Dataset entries
————

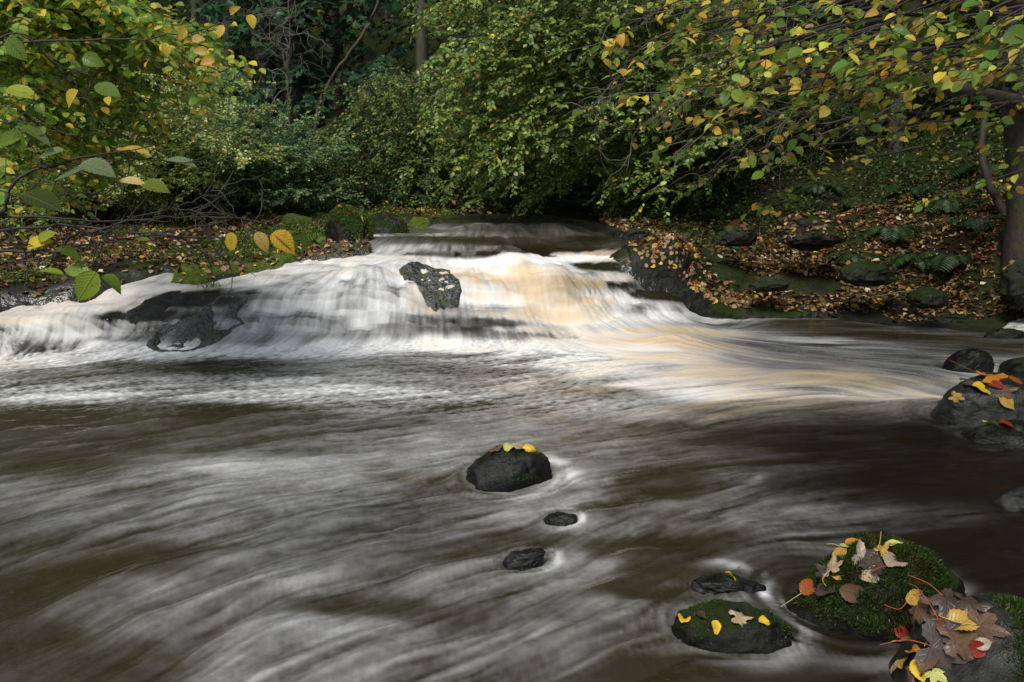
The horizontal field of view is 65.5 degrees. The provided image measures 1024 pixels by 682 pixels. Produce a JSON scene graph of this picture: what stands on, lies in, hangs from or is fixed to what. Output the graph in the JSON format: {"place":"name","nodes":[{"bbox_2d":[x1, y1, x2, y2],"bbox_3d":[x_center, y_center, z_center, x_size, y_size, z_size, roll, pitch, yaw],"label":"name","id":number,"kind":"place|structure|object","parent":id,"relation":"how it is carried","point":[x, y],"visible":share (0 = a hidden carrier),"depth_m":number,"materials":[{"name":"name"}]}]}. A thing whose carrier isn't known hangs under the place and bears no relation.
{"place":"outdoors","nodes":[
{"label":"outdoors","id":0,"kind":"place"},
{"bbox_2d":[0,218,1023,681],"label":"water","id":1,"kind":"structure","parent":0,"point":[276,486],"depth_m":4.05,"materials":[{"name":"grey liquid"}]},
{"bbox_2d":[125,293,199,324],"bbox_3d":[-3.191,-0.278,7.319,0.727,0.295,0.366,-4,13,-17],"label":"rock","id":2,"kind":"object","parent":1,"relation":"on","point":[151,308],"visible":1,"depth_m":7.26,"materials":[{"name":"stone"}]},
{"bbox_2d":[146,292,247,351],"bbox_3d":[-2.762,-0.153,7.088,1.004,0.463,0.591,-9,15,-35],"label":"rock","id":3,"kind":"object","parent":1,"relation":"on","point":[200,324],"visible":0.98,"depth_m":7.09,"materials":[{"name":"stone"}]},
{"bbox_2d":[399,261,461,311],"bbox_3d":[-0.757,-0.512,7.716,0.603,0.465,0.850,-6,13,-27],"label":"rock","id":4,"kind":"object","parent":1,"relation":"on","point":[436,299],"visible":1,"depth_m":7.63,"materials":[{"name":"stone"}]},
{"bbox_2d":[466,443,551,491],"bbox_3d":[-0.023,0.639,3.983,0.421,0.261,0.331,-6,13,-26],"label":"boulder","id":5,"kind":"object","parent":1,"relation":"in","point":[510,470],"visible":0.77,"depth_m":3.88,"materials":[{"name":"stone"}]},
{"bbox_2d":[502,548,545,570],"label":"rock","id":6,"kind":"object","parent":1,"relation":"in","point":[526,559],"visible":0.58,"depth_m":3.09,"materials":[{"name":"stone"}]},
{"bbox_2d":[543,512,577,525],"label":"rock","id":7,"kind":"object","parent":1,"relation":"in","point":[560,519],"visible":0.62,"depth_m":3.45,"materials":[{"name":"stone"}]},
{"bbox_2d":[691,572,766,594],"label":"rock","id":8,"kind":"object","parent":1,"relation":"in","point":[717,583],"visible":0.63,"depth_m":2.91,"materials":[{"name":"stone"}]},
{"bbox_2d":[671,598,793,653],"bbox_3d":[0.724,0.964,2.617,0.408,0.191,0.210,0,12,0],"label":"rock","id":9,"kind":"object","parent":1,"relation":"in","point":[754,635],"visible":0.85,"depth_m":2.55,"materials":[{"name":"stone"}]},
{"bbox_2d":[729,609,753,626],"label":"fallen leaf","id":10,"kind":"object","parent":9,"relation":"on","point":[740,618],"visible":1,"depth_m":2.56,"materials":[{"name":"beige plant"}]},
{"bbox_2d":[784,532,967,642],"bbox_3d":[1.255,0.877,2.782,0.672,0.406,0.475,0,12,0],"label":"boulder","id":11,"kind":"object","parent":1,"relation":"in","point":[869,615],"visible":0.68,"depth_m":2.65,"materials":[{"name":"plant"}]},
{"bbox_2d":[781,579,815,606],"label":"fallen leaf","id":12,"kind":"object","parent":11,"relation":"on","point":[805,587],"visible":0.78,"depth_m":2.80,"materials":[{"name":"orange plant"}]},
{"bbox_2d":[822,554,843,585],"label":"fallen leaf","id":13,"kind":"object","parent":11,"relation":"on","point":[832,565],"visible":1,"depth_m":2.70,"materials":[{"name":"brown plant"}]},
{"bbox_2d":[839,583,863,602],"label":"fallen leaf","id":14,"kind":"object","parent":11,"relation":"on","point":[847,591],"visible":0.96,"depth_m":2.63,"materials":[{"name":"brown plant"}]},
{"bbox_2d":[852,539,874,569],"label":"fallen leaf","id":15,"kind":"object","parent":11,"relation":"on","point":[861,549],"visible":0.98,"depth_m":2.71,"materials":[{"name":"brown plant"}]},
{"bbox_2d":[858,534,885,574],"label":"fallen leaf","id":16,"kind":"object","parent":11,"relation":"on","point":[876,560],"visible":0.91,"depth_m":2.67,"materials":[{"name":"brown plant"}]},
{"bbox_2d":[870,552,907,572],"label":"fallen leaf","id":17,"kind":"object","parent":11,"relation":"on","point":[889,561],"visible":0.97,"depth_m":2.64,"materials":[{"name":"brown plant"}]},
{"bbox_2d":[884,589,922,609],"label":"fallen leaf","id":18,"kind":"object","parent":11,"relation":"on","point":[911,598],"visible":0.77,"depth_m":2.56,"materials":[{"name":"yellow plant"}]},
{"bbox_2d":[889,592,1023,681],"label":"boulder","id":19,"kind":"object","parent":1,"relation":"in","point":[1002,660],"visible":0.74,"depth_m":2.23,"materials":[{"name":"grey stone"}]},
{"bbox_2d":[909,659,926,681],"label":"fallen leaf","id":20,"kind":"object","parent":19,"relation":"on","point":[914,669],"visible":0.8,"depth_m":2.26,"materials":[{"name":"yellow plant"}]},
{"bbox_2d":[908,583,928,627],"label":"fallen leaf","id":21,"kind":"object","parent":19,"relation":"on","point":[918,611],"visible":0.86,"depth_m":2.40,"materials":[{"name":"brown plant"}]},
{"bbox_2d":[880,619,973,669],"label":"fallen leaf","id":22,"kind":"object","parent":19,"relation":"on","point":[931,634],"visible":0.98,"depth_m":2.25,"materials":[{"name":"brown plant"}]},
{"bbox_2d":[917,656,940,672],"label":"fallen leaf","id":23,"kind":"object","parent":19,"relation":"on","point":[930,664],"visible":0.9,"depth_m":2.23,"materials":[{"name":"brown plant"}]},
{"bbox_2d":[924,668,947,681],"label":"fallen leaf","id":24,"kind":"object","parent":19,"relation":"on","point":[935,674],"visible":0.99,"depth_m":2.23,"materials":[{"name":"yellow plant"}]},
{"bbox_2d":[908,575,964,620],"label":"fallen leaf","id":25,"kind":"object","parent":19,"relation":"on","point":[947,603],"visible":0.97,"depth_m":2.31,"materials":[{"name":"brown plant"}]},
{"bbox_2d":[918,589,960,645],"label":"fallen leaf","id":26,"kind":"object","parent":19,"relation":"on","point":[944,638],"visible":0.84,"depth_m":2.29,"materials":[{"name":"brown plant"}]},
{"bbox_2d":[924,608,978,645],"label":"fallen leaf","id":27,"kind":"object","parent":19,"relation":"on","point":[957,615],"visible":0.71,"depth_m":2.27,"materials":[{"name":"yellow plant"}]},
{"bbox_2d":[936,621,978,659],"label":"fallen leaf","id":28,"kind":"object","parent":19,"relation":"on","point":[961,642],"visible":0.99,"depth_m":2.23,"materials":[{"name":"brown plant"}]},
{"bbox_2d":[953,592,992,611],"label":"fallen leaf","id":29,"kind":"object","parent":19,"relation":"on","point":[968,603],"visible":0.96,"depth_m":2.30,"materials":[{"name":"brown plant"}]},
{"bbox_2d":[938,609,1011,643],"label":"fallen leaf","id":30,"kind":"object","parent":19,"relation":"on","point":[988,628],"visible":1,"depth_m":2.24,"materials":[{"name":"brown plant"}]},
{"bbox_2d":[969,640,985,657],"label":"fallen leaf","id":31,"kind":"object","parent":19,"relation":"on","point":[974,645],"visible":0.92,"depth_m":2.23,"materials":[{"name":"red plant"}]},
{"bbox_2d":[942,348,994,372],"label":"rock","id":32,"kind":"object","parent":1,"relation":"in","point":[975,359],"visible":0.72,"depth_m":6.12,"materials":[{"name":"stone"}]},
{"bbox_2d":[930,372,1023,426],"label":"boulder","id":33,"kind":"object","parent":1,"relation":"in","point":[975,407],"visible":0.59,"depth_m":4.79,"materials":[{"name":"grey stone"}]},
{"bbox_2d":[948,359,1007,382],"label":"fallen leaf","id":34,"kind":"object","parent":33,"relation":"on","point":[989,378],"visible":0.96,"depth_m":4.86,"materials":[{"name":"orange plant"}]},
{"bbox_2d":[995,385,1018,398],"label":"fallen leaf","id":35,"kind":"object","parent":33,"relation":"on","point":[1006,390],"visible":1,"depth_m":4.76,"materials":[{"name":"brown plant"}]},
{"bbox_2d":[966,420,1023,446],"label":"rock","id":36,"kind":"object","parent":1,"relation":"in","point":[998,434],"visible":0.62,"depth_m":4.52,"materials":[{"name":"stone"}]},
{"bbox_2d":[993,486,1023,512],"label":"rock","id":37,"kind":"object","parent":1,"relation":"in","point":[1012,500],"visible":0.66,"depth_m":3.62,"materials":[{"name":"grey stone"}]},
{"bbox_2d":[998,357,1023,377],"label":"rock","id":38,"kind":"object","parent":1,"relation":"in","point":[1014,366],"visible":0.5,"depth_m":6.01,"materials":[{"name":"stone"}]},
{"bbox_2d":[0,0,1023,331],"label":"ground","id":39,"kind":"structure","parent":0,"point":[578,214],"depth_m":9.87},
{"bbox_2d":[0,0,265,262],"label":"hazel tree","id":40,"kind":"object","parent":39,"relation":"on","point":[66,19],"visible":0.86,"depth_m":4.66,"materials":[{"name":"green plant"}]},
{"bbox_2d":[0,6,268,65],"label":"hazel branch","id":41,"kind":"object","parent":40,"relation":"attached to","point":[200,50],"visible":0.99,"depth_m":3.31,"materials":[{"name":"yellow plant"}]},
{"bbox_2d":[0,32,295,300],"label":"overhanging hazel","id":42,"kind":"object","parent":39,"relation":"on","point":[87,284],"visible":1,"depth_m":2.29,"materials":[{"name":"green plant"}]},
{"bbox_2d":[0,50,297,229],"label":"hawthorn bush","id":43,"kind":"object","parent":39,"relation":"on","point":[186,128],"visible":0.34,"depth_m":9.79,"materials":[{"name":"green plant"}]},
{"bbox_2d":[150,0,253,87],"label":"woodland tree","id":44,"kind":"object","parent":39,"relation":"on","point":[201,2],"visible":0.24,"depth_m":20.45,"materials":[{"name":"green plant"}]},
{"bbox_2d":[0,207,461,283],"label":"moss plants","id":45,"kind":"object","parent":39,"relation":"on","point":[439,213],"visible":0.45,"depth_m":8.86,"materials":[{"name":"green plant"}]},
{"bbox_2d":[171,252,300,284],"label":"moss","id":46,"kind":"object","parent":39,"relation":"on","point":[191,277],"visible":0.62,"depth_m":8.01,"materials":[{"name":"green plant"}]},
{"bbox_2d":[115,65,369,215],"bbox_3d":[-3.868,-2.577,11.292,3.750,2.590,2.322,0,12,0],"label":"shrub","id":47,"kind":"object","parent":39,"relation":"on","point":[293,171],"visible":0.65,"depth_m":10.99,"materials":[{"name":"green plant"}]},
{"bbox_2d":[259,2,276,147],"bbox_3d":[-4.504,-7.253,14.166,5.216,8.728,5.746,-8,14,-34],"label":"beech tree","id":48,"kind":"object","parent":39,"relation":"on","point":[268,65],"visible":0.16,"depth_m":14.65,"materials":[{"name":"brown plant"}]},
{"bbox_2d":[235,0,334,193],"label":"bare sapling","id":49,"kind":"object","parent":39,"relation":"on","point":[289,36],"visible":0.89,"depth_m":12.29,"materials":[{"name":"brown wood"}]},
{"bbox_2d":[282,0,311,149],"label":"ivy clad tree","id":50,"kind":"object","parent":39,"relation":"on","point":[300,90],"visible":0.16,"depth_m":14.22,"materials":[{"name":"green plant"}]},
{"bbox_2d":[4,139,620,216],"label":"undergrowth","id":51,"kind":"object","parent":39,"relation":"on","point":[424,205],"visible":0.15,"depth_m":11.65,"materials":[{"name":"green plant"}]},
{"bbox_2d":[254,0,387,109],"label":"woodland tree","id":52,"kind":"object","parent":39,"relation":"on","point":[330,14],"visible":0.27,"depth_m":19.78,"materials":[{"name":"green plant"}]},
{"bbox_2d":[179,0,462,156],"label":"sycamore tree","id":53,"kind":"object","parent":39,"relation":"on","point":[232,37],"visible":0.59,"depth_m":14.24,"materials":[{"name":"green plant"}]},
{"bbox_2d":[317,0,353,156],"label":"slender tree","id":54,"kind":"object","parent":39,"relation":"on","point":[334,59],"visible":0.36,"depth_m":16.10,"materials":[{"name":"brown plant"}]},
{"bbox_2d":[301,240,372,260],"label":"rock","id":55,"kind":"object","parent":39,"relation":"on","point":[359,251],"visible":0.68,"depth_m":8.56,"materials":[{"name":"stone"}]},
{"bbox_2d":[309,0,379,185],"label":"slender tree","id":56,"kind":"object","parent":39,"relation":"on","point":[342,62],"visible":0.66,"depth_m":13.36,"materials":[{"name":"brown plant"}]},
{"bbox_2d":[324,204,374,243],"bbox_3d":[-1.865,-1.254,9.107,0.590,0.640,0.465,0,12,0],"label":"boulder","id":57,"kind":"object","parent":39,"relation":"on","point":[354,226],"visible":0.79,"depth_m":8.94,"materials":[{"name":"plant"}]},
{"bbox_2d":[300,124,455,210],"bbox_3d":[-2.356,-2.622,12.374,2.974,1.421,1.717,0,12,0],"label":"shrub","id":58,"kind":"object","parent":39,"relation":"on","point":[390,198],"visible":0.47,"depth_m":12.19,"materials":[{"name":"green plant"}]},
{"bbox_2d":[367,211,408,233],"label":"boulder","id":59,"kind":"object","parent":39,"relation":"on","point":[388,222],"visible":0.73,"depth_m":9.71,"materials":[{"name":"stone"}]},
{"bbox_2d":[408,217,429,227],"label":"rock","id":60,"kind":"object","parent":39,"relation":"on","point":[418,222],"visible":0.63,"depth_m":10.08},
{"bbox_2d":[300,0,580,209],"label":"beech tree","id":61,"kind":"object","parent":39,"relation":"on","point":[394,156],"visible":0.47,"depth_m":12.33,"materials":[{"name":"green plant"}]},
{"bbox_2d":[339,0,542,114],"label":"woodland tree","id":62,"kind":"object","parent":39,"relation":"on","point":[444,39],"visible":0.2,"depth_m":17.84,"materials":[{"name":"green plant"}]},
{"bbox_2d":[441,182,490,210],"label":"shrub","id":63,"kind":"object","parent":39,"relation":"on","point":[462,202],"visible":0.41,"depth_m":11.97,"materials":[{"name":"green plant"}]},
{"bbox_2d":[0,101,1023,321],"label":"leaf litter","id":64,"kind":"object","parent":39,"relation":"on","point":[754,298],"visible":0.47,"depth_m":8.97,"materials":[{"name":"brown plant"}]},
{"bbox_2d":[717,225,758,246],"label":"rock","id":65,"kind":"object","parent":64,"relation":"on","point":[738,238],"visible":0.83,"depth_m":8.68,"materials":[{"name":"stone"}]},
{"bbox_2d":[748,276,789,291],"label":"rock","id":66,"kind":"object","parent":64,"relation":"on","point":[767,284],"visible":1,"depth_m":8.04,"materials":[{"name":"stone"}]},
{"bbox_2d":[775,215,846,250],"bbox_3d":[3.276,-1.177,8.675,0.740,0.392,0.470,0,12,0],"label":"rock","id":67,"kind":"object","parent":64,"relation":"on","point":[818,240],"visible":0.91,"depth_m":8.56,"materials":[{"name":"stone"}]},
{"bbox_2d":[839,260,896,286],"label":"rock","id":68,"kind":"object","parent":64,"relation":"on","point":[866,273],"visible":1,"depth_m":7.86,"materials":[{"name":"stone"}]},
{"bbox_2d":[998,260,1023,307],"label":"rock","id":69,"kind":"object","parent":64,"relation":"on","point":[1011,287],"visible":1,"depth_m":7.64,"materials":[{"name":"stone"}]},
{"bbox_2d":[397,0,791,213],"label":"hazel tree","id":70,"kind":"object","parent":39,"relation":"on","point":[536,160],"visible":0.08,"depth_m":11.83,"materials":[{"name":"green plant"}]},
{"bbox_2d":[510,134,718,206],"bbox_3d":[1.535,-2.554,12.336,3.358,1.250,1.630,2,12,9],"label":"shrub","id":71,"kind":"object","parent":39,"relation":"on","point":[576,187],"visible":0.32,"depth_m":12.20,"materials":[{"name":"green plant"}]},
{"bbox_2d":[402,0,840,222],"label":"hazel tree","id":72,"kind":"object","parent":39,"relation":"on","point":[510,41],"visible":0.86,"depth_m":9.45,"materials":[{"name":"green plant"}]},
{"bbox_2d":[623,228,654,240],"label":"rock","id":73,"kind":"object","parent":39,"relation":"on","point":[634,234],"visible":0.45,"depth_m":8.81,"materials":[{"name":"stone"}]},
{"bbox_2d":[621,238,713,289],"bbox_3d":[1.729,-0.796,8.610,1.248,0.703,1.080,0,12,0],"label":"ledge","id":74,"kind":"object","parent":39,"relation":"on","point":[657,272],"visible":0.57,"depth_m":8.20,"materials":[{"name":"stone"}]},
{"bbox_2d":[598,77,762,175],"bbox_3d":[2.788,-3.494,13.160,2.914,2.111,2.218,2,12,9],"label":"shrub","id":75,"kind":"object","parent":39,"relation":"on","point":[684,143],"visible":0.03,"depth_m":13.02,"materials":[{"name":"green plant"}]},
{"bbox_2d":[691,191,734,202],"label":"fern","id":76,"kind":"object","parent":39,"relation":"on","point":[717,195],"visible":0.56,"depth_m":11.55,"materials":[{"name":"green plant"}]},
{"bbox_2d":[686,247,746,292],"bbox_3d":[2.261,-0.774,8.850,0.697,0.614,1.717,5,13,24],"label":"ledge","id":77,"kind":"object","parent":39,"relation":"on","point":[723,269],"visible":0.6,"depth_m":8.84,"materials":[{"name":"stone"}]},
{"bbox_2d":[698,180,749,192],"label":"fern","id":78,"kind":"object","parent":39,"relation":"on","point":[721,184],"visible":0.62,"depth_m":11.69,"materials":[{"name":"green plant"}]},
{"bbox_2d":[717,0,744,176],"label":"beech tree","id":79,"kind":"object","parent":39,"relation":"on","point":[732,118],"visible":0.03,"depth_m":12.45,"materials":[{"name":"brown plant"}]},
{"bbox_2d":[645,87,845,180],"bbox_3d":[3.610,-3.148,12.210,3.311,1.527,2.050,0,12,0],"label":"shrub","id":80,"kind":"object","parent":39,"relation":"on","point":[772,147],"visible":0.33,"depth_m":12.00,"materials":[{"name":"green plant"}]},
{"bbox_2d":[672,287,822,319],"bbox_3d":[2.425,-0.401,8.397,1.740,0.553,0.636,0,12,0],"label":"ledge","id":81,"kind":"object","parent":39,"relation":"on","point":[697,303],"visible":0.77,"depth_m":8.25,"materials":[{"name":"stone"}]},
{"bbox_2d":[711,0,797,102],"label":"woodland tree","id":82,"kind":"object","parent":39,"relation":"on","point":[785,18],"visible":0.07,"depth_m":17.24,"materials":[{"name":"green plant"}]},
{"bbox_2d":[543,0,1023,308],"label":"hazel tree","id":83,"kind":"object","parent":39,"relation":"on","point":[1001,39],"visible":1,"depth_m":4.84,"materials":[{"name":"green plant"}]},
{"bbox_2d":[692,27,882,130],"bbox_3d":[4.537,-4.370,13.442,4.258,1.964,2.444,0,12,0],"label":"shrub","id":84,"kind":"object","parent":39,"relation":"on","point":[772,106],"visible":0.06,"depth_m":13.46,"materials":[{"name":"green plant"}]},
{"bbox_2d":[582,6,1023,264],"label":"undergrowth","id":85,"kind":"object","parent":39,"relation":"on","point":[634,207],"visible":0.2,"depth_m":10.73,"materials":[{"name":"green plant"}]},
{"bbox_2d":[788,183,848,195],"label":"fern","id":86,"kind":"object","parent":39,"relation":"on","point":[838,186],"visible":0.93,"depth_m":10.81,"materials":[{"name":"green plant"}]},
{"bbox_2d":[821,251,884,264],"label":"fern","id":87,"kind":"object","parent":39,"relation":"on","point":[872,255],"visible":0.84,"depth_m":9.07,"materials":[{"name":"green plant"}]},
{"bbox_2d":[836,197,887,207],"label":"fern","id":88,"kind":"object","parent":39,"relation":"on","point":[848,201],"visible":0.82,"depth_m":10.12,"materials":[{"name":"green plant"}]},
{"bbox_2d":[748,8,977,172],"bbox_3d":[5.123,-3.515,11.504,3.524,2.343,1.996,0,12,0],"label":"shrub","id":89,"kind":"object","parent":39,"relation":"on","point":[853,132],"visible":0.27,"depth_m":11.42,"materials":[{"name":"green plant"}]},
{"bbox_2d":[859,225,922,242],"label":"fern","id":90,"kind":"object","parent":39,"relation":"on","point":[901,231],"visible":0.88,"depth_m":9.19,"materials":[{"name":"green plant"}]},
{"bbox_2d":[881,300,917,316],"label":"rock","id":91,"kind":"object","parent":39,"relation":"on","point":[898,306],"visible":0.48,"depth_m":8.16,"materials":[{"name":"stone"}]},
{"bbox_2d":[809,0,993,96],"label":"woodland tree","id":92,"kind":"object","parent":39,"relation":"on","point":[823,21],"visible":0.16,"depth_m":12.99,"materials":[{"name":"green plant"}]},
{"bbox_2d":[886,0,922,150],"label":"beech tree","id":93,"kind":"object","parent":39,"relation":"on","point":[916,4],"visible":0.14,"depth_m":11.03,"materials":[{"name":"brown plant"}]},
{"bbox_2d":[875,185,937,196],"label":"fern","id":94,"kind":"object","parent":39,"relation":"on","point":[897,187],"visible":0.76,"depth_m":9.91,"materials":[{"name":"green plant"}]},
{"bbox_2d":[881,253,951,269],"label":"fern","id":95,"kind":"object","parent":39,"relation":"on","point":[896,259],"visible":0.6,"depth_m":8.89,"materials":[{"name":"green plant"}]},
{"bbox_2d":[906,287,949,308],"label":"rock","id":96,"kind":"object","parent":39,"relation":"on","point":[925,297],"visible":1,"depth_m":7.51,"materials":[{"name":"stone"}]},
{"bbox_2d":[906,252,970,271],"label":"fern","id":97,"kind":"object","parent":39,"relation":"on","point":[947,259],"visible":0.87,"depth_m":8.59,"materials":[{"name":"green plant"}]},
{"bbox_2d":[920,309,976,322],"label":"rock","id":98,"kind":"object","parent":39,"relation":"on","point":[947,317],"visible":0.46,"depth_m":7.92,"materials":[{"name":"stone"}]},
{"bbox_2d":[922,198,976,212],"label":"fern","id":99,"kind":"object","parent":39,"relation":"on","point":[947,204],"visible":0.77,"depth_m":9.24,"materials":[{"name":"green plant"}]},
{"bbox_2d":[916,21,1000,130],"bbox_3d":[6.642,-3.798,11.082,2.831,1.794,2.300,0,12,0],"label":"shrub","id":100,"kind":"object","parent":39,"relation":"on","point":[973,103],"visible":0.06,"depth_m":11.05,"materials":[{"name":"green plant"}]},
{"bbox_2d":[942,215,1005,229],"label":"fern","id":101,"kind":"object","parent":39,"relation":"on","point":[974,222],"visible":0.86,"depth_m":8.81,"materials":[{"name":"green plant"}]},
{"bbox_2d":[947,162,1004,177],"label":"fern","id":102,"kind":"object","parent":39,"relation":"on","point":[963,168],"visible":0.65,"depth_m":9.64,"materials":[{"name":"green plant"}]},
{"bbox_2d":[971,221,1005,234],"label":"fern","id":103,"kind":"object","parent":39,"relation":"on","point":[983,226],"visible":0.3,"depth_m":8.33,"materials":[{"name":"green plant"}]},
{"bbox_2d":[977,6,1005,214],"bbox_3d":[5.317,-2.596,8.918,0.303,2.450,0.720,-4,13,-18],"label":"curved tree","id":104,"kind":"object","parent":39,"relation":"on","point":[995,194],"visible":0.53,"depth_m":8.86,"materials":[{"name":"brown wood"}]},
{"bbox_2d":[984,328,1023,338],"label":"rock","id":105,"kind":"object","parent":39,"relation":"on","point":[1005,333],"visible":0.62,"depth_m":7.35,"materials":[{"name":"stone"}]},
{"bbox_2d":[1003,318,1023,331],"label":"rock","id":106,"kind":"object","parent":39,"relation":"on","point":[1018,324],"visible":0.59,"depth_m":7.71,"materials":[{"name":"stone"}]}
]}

————

▶ **Task to complete**
Count every line of the entries that holds the string "moss". Please answer with the count alone.

▶ **Task answer**
2